**What you should do**
An exact copy of the entries, with every picture omitted, is what is needed here.

**Provided entries**
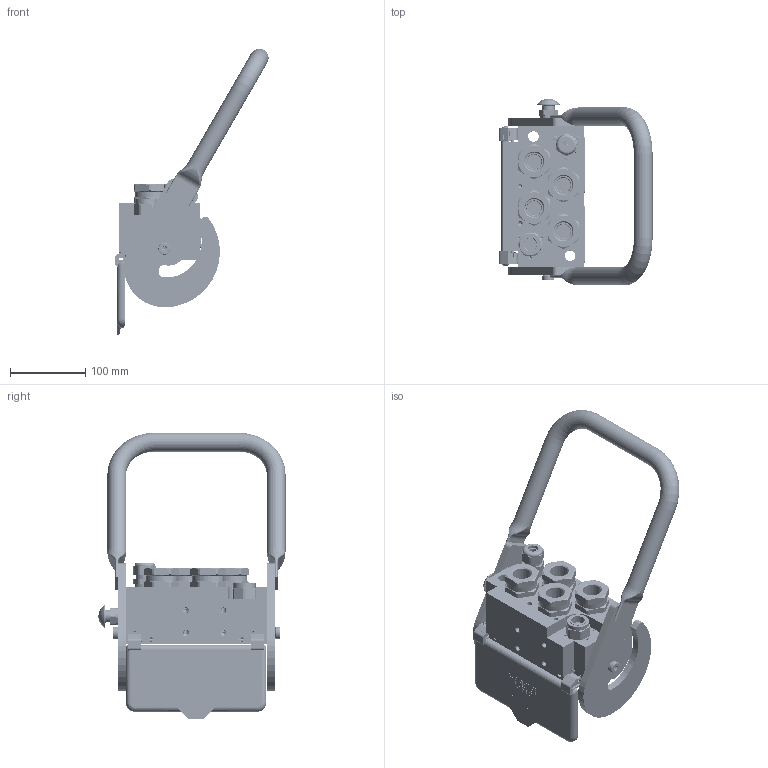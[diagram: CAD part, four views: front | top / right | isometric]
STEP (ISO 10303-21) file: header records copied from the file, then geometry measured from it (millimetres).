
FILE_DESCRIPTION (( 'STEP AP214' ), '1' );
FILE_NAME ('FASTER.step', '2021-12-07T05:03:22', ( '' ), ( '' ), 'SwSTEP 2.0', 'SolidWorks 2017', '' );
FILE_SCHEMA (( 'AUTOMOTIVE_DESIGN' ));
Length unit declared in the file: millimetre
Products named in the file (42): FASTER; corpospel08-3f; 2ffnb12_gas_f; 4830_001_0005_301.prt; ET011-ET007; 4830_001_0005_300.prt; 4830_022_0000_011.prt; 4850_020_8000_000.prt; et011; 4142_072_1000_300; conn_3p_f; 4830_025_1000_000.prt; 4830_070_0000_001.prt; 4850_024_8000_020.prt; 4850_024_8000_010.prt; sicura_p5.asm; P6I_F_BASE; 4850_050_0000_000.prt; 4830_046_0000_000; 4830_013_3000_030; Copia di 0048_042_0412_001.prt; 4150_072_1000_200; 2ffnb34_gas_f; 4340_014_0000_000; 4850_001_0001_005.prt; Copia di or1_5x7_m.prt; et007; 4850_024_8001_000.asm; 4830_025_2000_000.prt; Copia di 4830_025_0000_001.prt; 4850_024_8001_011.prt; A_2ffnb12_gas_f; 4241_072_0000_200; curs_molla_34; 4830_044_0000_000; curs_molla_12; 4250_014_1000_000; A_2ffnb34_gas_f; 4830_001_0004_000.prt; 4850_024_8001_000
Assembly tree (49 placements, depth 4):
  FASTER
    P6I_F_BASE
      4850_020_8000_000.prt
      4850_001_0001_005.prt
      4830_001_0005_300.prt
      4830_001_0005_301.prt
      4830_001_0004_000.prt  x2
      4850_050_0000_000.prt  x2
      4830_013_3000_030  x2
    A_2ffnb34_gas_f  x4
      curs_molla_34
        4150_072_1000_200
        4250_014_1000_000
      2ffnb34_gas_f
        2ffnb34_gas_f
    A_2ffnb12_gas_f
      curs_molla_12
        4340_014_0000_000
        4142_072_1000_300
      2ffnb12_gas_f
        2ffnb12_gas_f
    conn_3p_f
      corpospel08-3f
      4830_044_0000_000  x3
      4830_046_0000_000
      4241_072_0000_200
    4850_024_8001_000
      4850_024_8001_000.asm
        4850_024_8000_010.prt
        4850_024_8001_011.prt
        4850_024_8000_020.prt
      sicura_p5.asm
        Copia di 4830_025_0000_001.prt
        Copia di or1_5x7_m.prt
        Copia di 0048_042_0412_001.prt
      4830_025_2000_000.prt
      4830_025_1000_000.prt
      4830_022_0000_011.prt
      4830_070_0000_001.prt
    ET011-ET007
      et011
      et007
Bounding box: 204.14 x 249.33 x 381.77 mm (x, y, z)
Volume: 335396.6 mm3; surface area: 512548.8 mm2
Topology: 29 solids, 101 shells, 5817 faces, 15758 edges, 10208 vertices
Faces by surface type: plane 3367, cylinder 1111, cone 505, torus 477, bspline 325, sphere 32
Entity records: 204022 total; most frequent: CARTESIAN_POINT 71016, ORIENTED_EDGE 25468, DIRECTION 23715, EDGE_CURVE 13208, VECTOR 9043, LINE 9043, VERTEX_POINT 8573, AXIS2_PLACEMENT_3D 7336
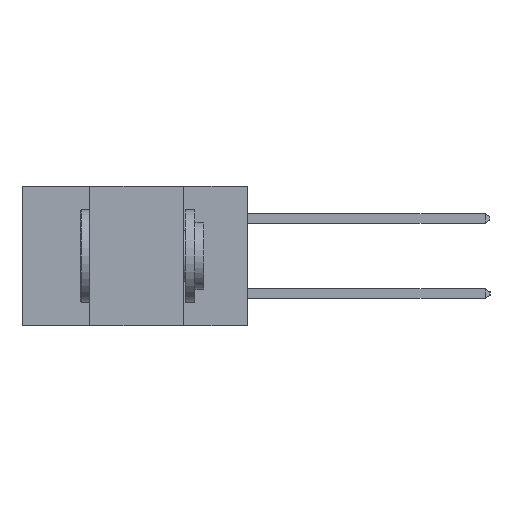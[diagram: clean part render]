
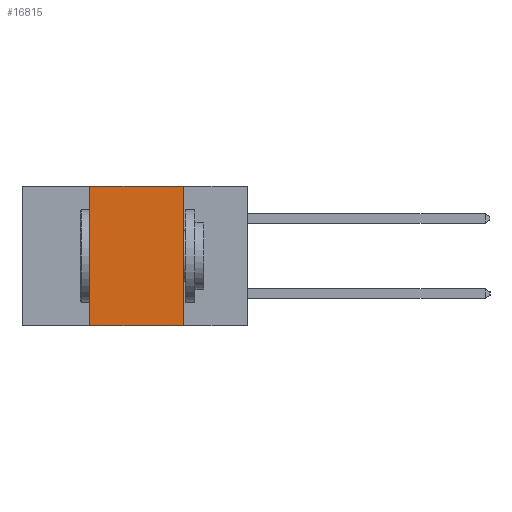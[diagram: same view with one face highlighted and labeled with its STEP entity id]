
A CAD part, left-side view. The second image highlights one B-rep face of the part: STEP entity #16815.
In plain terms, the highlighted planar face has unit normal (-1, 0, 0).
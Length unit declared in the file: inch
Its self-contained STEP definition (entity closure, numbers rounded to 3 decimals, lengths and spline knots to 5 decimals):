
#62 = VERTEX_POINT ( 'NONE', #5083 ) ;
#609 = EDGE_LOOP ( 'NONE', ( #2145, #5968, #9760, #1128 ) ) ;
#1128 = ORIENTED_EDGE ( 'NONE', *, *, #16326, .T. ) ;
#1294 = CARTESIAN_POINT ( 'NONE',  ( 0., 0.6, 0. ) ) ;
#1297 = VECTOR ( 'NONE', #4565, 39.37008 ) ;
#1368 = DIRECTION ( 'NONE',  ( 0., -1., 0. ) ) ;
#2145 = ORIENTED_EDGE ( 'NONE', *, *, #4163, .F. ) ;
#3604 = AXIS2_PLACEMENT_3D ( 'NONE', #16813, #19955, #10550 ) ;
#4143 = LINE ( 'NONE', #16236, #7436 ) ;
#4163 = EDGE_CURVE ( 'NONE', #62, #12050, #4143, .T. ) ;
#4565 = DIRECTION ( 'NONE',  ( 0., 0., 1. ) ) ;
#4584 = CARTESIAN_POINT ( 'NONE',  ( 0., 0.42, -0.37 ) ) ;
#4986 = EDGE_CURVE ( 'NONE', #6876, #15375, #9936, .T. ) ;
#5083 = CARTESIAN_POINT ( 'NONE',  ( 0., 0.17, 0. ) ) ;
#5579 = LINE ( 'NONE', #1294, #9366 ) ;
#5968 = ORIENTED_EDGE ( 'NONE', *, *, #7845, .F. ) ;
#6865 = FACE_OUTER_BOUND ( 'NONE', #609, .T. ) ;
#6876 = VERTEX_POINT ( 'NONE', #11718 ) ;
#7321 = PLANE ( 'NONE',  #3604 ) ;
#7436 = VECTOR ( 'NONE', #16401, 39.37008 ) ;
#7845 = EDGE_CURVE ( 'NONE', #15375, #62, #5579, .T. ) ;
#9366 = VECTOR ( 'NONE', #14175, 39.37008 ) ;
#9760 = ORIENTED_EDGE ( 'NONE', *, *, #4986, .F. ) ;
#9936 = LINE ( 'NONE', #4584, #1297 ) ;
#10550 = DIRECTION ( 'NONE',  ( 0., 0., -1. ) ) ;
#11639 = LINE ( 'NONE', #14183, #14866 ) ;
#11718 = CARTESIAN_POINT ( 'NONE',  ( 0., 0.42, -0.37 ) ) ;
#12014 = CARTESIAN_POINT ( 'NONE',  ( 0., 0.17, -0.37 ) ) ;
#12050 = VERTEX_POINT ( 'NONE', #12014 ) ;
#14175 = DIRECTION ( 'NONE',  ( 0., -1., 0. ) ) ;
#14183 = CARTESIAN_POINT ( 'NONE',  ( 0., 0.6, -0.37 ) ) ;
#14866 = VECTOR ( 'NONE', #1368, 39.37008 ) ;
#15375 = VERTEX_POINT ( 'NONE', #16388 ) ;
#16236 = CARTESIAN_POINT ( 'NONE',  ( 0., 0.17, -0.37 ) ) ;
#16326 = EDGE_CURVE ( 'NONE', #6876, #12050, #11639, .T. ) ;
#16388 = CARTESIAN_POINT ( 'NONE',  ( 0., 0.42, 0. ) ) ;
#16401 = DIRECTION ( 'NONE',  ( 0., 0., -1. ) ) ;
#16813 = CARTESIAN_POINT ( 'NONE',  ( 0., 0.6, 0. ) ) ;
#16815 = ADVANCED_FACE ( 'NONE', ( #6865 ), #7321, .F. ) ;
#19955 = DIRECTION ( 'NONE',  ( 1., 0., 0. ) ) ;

**Answer box**
[diagram: CAD part, four views: front | top / right | isometric]
STEP (ISO 10303-21) file: header records copied from the file, then geometry measured from it (millimetres).
FILE_DESCRIPTION (( 'STEP AP214' ), '1' );
FILE_NAME ('FASTER.step', '2021-12-07T05:03:22', ( '' ), ( '' ), 'SwSTEP 2.0', 'SolidWorks 2017', '' );
FILE_SCHEMA (( 'AUTOMOTIVE_DESIGN' ));
Length unit declared in the file: millimetre
Products named in the file (42): FASTER; corpospel08-3f; 2ffnb12_gas_f; 4830_001_0005_301.prt; ET011-ET007; 4830_001_0005_300.prt; 4830_022_0000_011.prt; 4850_020_8000_000.prt; et011; 4142_072_1000_300; conn_3p_f; 4830_025_1000_000.prt; 4830_070_0000_001.prt; 4850_024_8000_020.prt; 4850_024_8000_010.prt; sicura_p5.asm; P6I_F_BASE; 4850_050_0000_000.prt; 4830_046_0000_000; 4830_013_3000_030; Copia di 0048_042_0412_001.prt; 4150_072_1000_200; 2ffnb34_gas_f; 4340_014_0000_000; 4850_001_0001_005.prt; Copia di or1_5x7_m.prt; et007; 4850_024_8001_000.asm; 4830_025_2000_000.prt; Copia di 4830_025_0000_001.prt; 4850_024_8001_011.prt; A_2ffnb12_gas_f; 4241_072_0000_200; curs_molla_34; 4830_044_0000_000; curs_molla_12; 4250_014_1000_000; A_2ffnb34_gas_f; 4830_001_0004_000.prt; 4850_024_8001_000
Assembly tree (49 placements, depth 4):
  FASTER
    P6I_F_BASE
      4850_020_8000_000.prt
      4850_001_0001_005.prt
      4830_001_0005_300.prt
      4830_001_0005_301.prt
      4830_001_0004_000.prt  x2
      4850_050_0000_000.prt  x2
      4830_013_3000_030  x2
    A_2ffnb34_gas_f  x4
      curs_molla_34
        4150_072_1000_200
        4250_014_1000_000
      2ffnb34_gas_f
        2ffnb34_gas_f
    A_2ffnb12_gas_f
      curs_molla_12
        4340_014_0000_000
        4142_072_1000_300
      2ffnb12_gas_f
        2ffnb12_gas_f
    conn_3p_f
      corpospel08-3f
      4830_044_0000_000  x3
      4830_046_0000_000
      4241_072_0000_200
    4850_024_8001_000
      4850_024_8001_000.asm
        4850_024_8000_010.prt
        4850_024_8001_011.prt
        4850_024_8000_020.prt
      sicura_p5.asm
        Copia di 4830_025_0000_001.prt
        Copia di or1_5x7_m.prt
        Copia di 0048_042_0412_001.prt
      4830_025_2000_000.prt
      4830_025_1000_000.prt
      4830_022_0000_011.prt
      4830_070_0000_001.prt
    ET011-ET007
      et011
      et007
Bounding box: 204.14 x 249.33 x 381.77 mm (x, y, z)
Volume: 335396.6 mm3; surface area: 512548.8 mm2
Topology: 29 solids, 101 shells, 5817 faces, 15758 edges, 10208 vertices
Faces by surface type: plane 3367, cylinder 1111, cone 505, torus 477, bspline 325, sphere 32
Entity records: 204022 total; most frequent: CARTESIAN_POINT 71016, ORIENTED_EDGE 25468, DIRECTION 23715, EDGE_CURVE 13208, VECTOR 9043, LINE 9043, VERTEX_POINT 8573, AXIS2_PLACEMENT_3D 7336
[diagram: clean part render]
[diagram: same view with one face highlighted and labeled with its STEP entity id]
A CAD part, left-side view. The second image highlights one B-rep face of the part: STEP entity #16815.
In plain terms, the highlighted planar face has unit normal (-1, 0, 0).
Length unit declared in the file: inch
Its self-contained STEP definition (entity closure, numbers rounded to 3 decimals, lengths and spline knots to 5 decimals):
#62 = VERTEX_POINT ( 'NONE', #5083 ) ;
#609 = EDGE_LOOP ( 'NONE', ( #2145, #5968, #9760, #1128 ) ) ;
#1128 = ORIENTED_EDGE ( 'NONE', *, *, #16326, .T. ) ;
#1294 = CARTESIAN_POINT ( 'NONE',  ( 0., 0.6, 0. ) ) ;
#1297 = VECTOR ( 'NONE', #4565, 39.37008 ) ;
#1368 = DIRECTION ( 'NONE',  ( 0., -1., 0. ) ) ;
#2145 = ORIENTED_EDGE ( 'NONE', *, *, #4163, .F. ) ;
#3604 = AXIS2_PLACEMENT_3D ( 'NONE', #16813, #19955, #10550 ) ;
#4143 = LINE ( 'NONE', #16236, #7436 ) ;
#4163 = EDGE_CURVE ( 'NONE', #62, #12050, #4143, .T. ) ;
#4565 = DIRECTION ( 'NONE',  ( 0., 0., 1. ) ) ;
#4584 = CARTESIAN_POINT ( 'NONE',  ( 0., 0.42, -0.37 ) ) ;
#4986 = EDGE_CURVE ( 'NONE', #6876, #15375, #9936, .T. ) ;
#5083 = CARTESIAN_POINT ( 'NONE',  ( 0., 0.17, 0. ) ) ;
#5579 = LINE ( 'NONE', #1294, #9366 ) ;
#5968 = ORIENTED_EDGE ( 'NONE', *, *, #7845, .F. ) ;
#6865 = FACE_OUTER_BOUND ( 'NONE', #609, .T. ) ;
#6876 = VERTEX_POINT ( 'NONE', #11718 ) ;
#7321 = PLANE ( 'NONE',  #3604 ) ;
#7436 = VECTOR ( 'NONE', #16401, 39.37008 ) ;
#7845 = EDGE_CURVE ( 'NONE', #15375, #62, #5579, .T. ) ;
#9366 = VECTOR ( 'NONE', #14175, 39.37008 ) ;
#9760 = ORIENTED_EDGE ( 'NONE', *, *, #4986, .F. ) ;
#9936 = LINE ( 'NONE', #4584, #1297 ) ;
#10550 = DIRECTION ( 'NONE',  ( 0., 0., -1. ) ) ;
#11639 = LINE ( 'NONE', #14183, #14866 ) ;
#11718 = CARTESIAN_POINT ( 'NONE',  ( 0., 0.42, -0.37 ) ) ;
#12014 = CARTESIAN_POINT ( 'NONE',  ( 0., 0.17, -0.37 ) ) ;
#12050 = VERTEX_POINT ( 'NONE', #12014 ) ;
#14175 = DIRECTION ( 'NONE',  ( 0., -1., 0. ) ) ;
#14183 = CARTESIAN_POINT ( 'NONE',  ( 0., 0.6, -0.37 ) ) ;
#14866 = VECTOR ( 'NONE', #1368, 39.37008 ) ;
#15375 = VERTEX_POINT ( 'NONE', #16388 ) ;
#16236 = CARTESIAN_POINT ( 'NONE',  ( 0., 0.17, -0.37 ) ) ;
#16326 = EDGE_CURVE ( 'NONE', #6876, #12050, #11639, .T. ) ;
#16388 = CARTESIAN_POINT ( 'NONE',  ( 0., 0.42, 0. ) ) ;
#16401 = DIRECTION ( 'NONE',  ( 0., 0., -1. ) ) ;
#16813 = CARTESIAN_POINT ( 'NONE',  ( 0., 0.6, 0. ) ) ;
#16815 = ADVANCED_FACE ( 'NONE', ( #6865 ), #7321, .F. ) ;
#19955 = DIRECTION ( 'NONE',  ( 1., 0., 0. ) ) ;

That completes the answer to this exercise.